- WHAT YOU SHOULD DO
Please restate word for word all lines from the one containing "state | date |" to the final line of the entries, and include no pictures.

- THE DATA

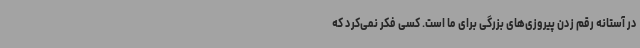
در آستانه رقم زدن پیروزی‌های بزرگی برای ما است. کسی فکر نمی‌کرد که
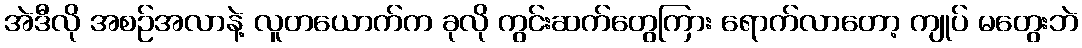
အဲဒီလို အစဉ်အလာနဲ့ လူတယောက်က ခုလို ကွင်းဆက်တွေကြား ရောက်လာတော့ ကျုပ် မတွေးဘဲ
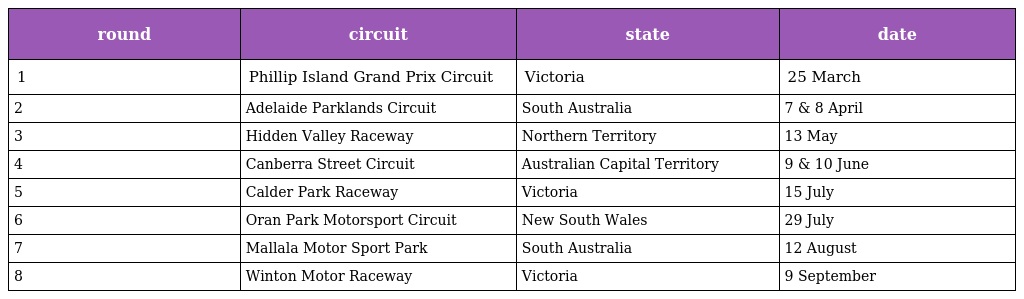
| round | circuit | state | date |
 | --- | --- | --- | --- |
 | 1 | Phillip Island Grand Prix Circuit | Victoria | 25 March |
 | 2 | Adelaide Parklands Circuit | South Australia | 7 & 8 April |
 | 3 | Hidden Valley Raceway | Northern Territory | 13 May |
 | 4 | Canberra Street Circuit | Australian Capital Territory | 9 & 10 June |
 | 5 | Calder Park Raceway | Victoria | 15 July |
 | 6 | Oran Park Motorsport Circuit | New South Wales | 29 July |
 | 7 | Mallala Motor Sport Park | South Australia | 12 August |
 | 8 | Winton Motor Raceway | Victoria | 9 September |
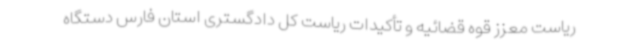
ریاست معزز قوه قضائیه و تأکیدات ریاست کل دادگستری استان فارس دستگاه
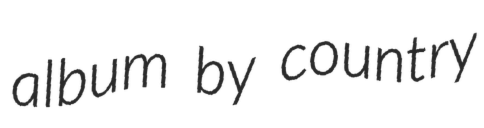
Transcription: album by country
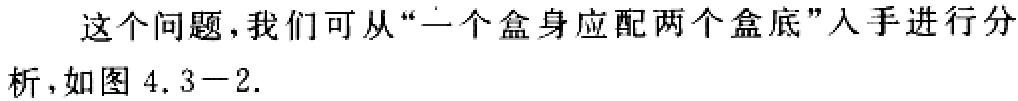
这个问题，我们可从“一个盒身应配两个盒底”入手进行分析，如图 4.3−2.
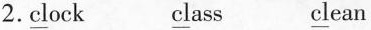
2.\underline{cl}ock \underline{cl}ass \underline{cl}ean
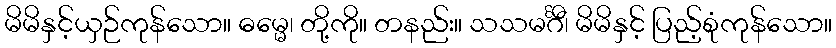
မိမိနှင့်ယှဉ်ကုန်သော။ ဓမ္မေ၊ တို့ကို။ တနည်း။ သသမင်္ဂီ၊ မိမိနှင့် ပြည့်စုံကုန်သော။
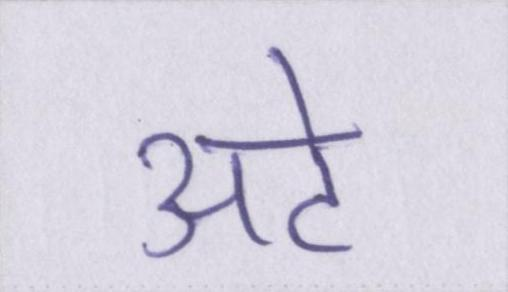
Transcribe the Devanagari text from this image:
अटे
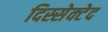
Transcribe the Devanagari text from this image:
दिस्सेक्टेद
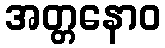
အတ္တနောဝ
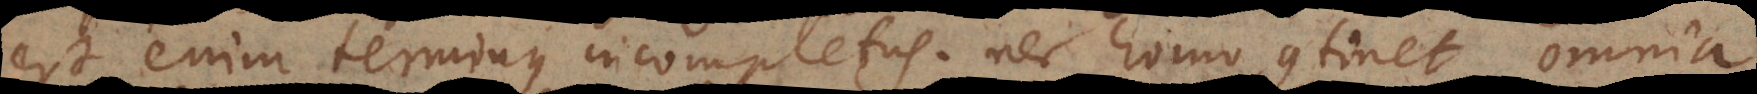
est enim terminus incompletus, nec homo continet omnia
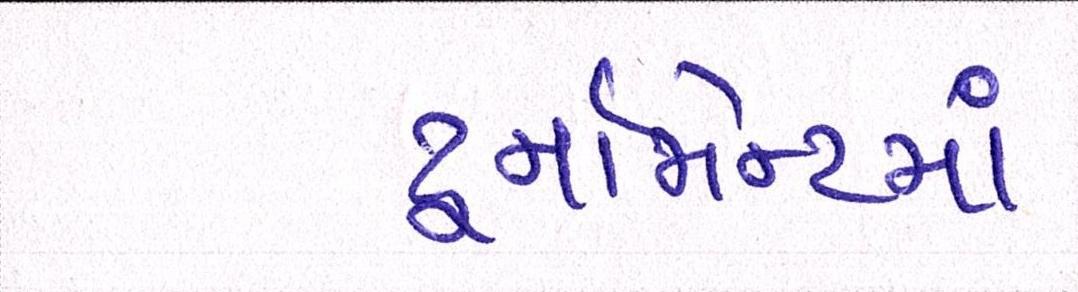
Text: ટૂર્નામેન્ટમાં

- SOLUTION FOR THIS PROBLEM
| round | circuit | state | date |
 | --- | --- | --- | --- |
 | 1 | Phillip Island Grand Prix Circuit | Victoria | 25 March |
 | 2 | Adelaide Parklands Circuit | South Australia | 7 & 8 April |
 | 3 | Hidden Valley Raceway | Northern Territory | 13 May |
 | 4 | Canberra Street Circuit | Australian Capital Territory | 9 & 10 June |
 | 5 | Calder Park Raceway | Victoria | 15 July |
 | 6 | Oran Park Motorsport Circuit | New South Wales | 29 July |
 | 7 | Mallala Motor Sport Park | South Australia | 12 August |
 | 8 | Winton Motor Raceway | Victoria | 9 September |
ریاست معزز قوه قضائیه و تأکیدات ریاست کل دادگستری استان فارس دستگاه
Transcription: album by country
这个问题，我们可从“一个盒身应配两个盒底”入手进行分析，如图 4.3−2.
2.\underline{cl}ock \underline{cl}ass \underline{cl}ean
မိမိနှင့်ယှဉ်ကုန်သော။ ဓမ္မေ၊ တို့ကို။ တနည်း။ သသမင်္ဂီ၊ မိမိနှင့် ပြည့်စုံကုန်သော။
Transcribe the Devanagari text from this image:
अटे
Transcribe the Devanagari text from this image:
दिस्सेक्टेद
အတ္တနောဝ
est enim terminus incompletus, nec homo continet omnia
Text: ટૂર્નામેન્ટમાં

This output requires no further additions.